= Aero Research Limited =

1934–1947 British adhesives company

Aero Research Limited (ARL) was a British company that pioneered several new adhesives, intended initially for the aeronautical industry.

Formed in 1934 by Norman de Bruyne at Duxford, Cambridgeshire from an earlier company of his, the Cambridgeshire Aeroplane Construction Company, ARL started a long-term relationship with the de Havilland company by initially working on reinforced phenol-formaldehyde resins for use in variable pitch propellers.
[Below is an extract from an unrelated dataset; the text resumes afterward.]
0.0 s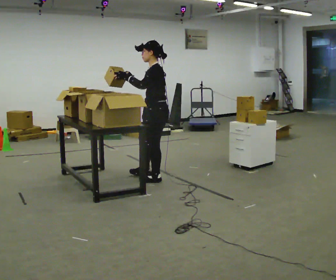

This material, being lighter than aluminium alloys, offered much-reduced centrifugal loads on the hub bearings.

This was followed by work on synthetic urea-formaldehyde adhesives and led to the Aerolite range of wood glues, used on the Horsa glider and the de Havilland Mosquito fast bomber and later, fighter.

ARL was responsible for developing a number of aeronautical-related adhesives, including Aerolite 306, Aerodux 500, Redux - a metal-to-wood, metal-to-metal adhesive, used on the de Havilland Hornet and Comet, and the epoxy resin Araldite. Other products included its Aeroweb honeycomb core, and Fibrelam panels.

ARL was later sold to Ciba in 1947 and its range of products later marketed under the Ciba (ARL) name.